**WHAT YOU WILL DO:** From the listing below, reproduce word for word the part that opens with the line containing "land cover: Maize" and closes with the line containing "longitude: 4.6441"; reproduce nothing else.

(Beginning of DATA PROVIDED)

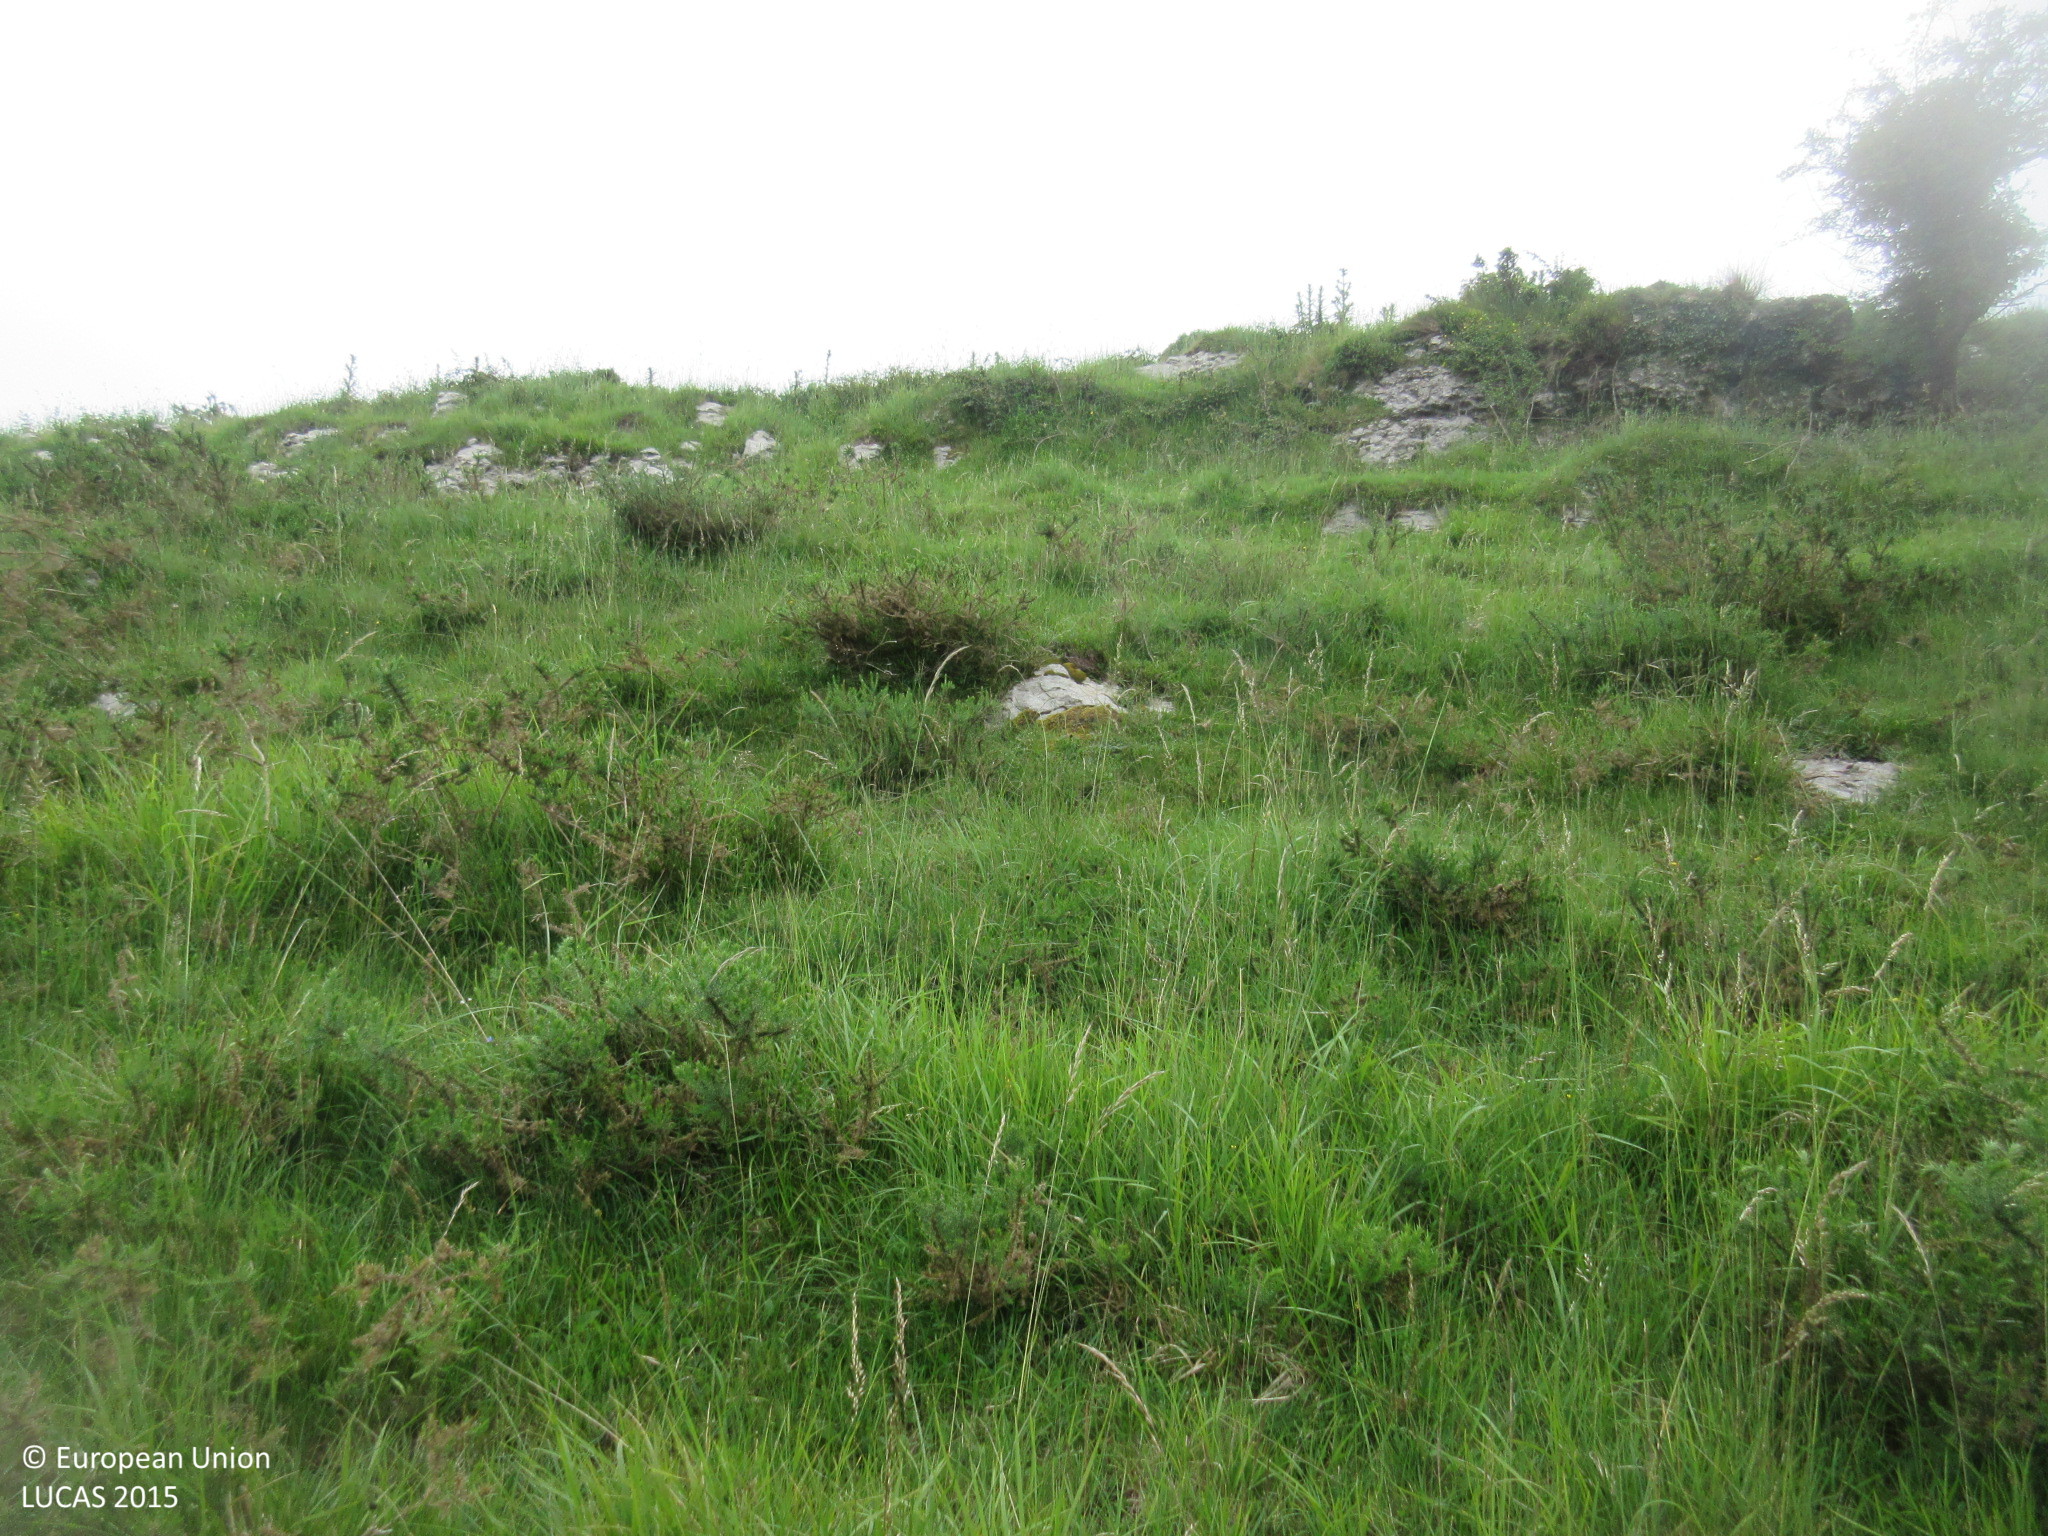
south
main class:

(End of DATA PROVIDED)
(Beginning of DATA PROVIDED)

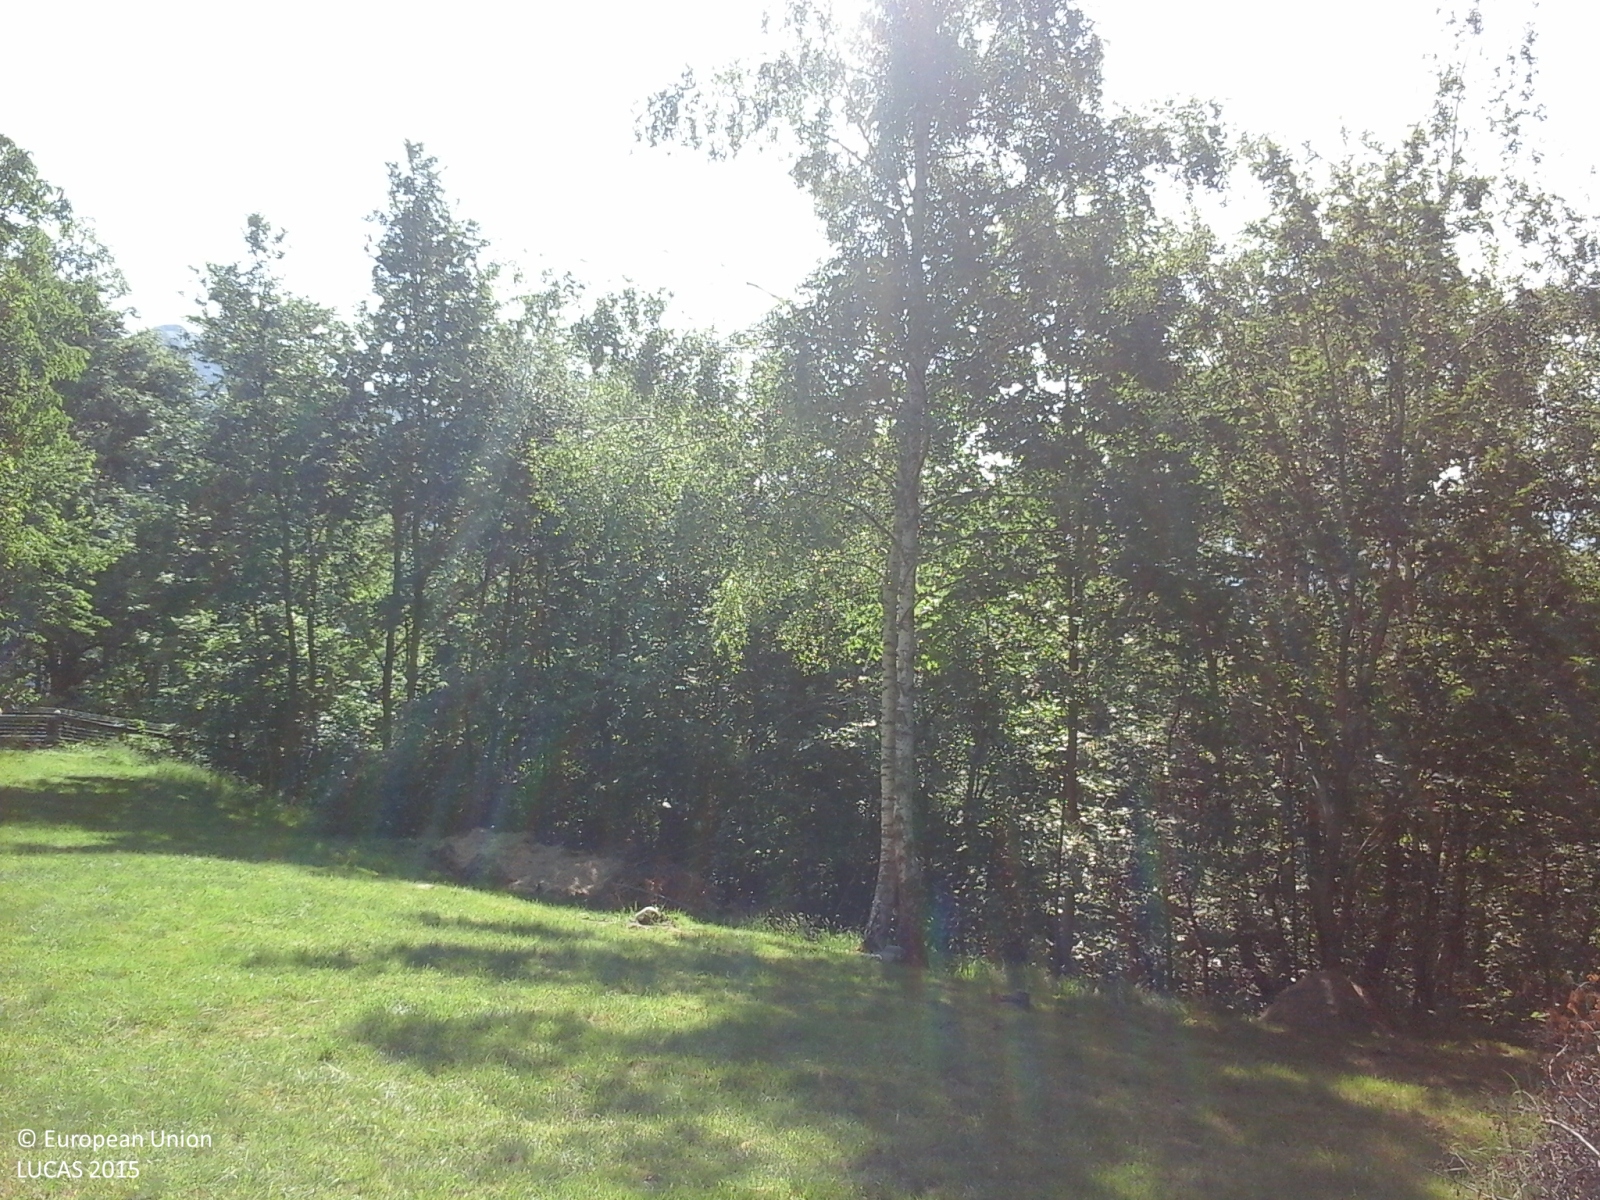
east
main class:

(End of DATA PROVIDED)
(Beginning of DATA PROVIDED)

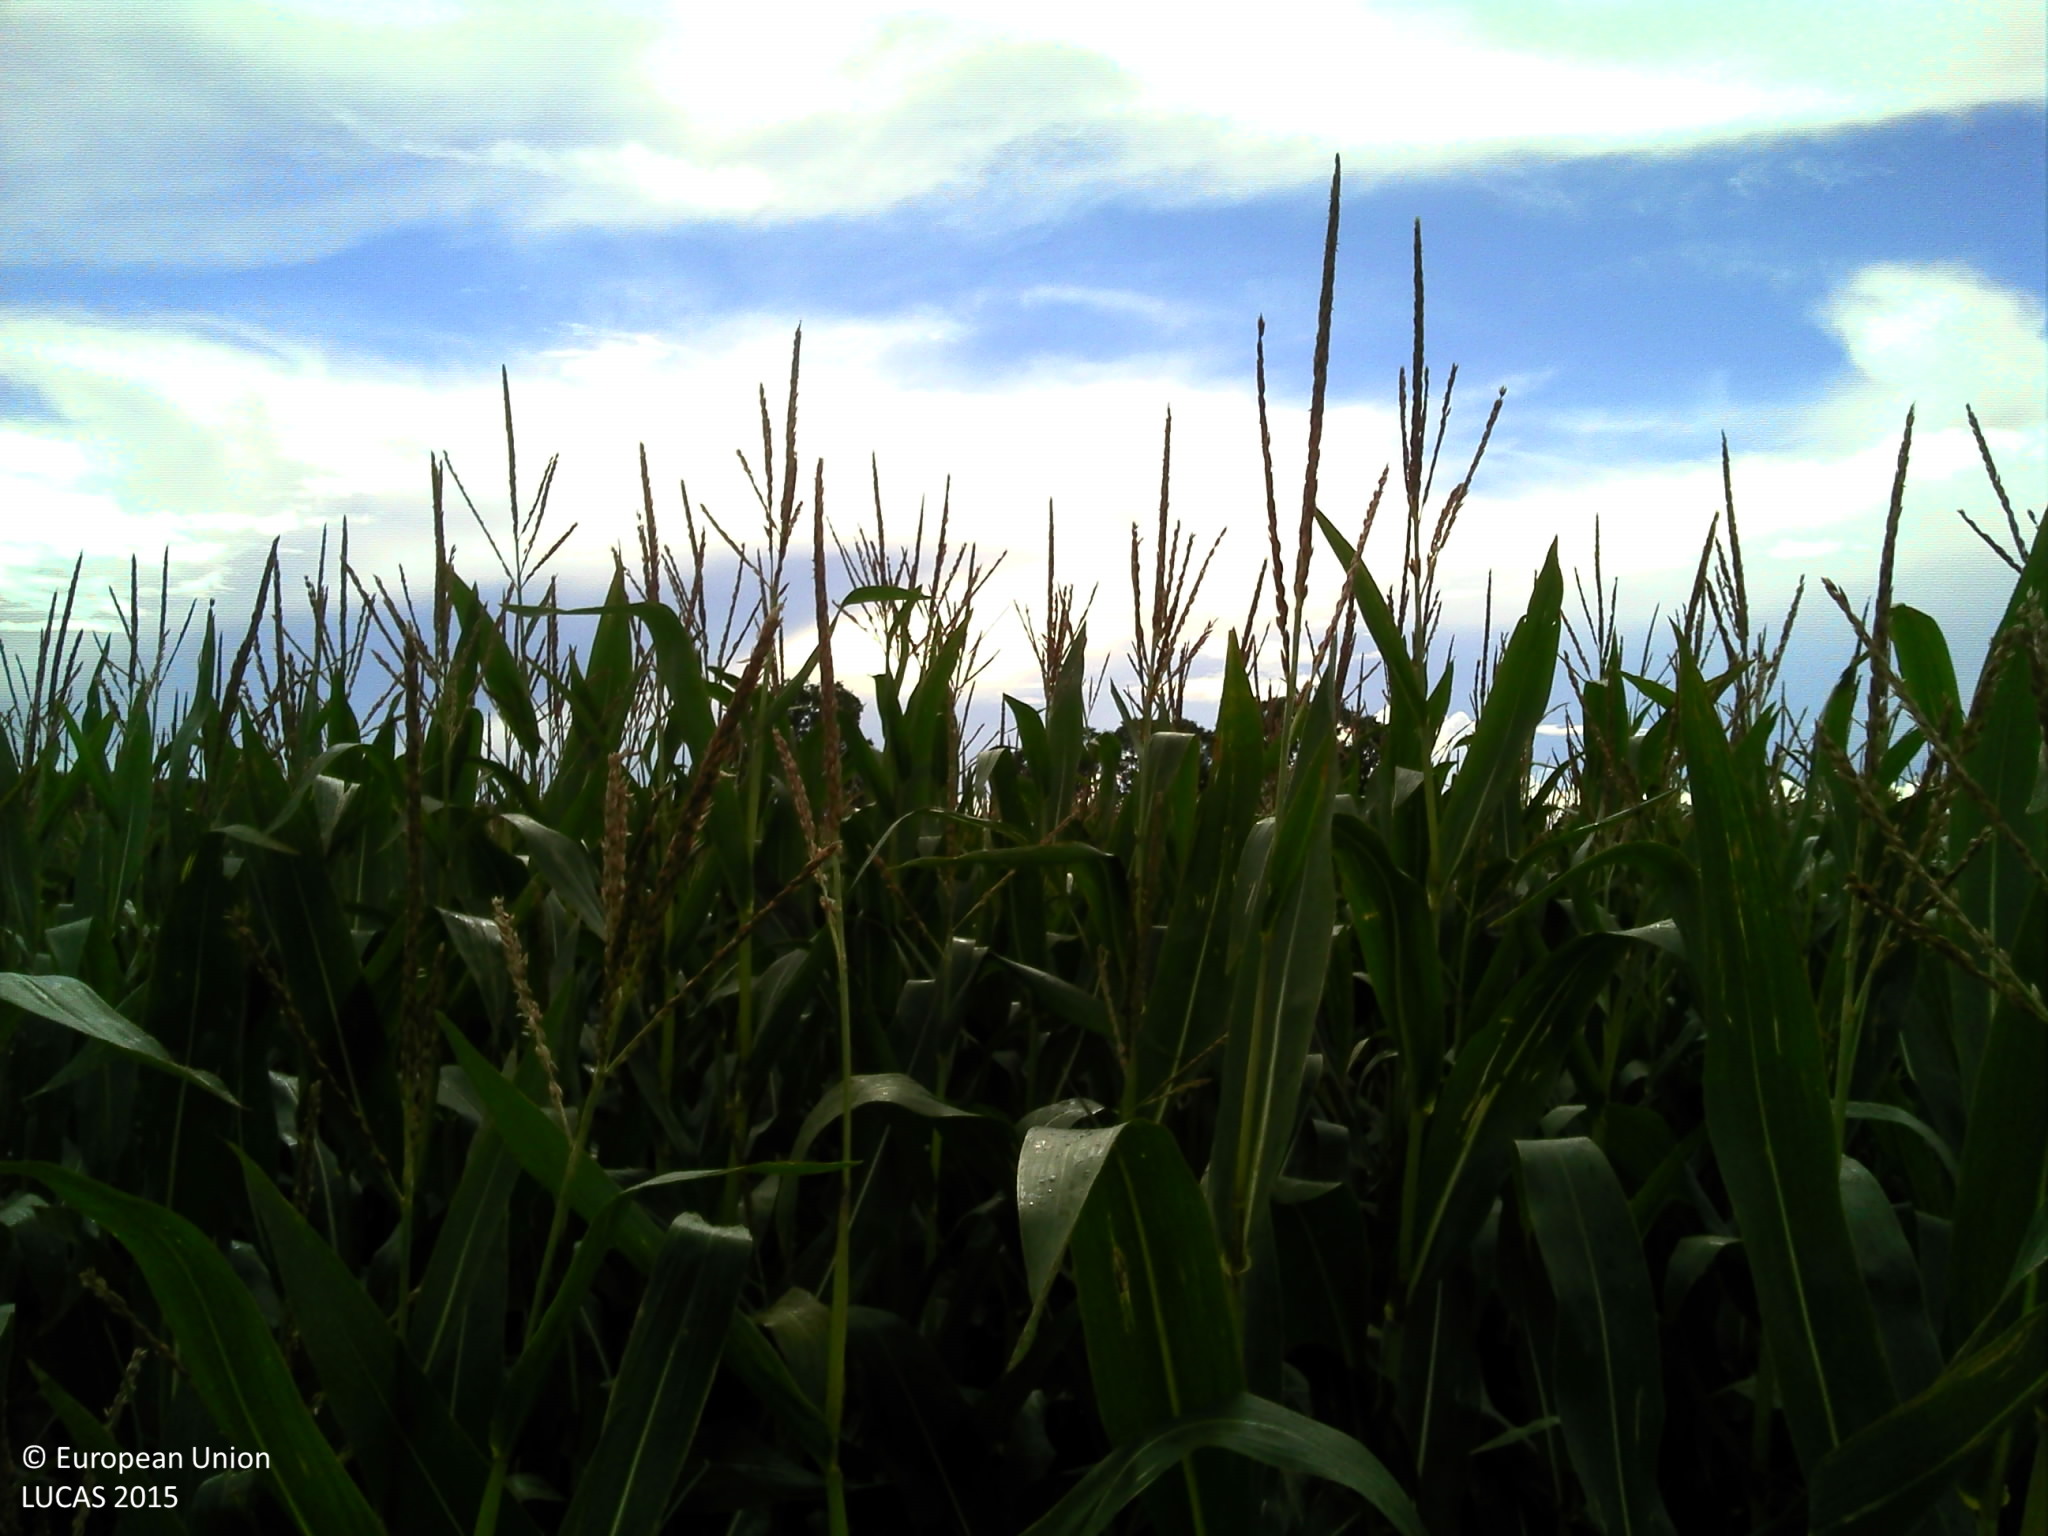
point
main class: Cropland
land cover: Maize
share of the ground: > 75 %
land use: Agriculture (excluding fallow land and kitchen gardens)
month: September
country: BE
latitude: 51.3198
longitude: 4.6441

(End of DATA PROVIDED)

**YOUR RESPONSE:**
land cover: Maize
share of the ground: > 75 %
land use: Agriculture (excluding fallow land and kitchen gardens)
month: September
country: BE
latitude: 51.3198
longitude: 4.6441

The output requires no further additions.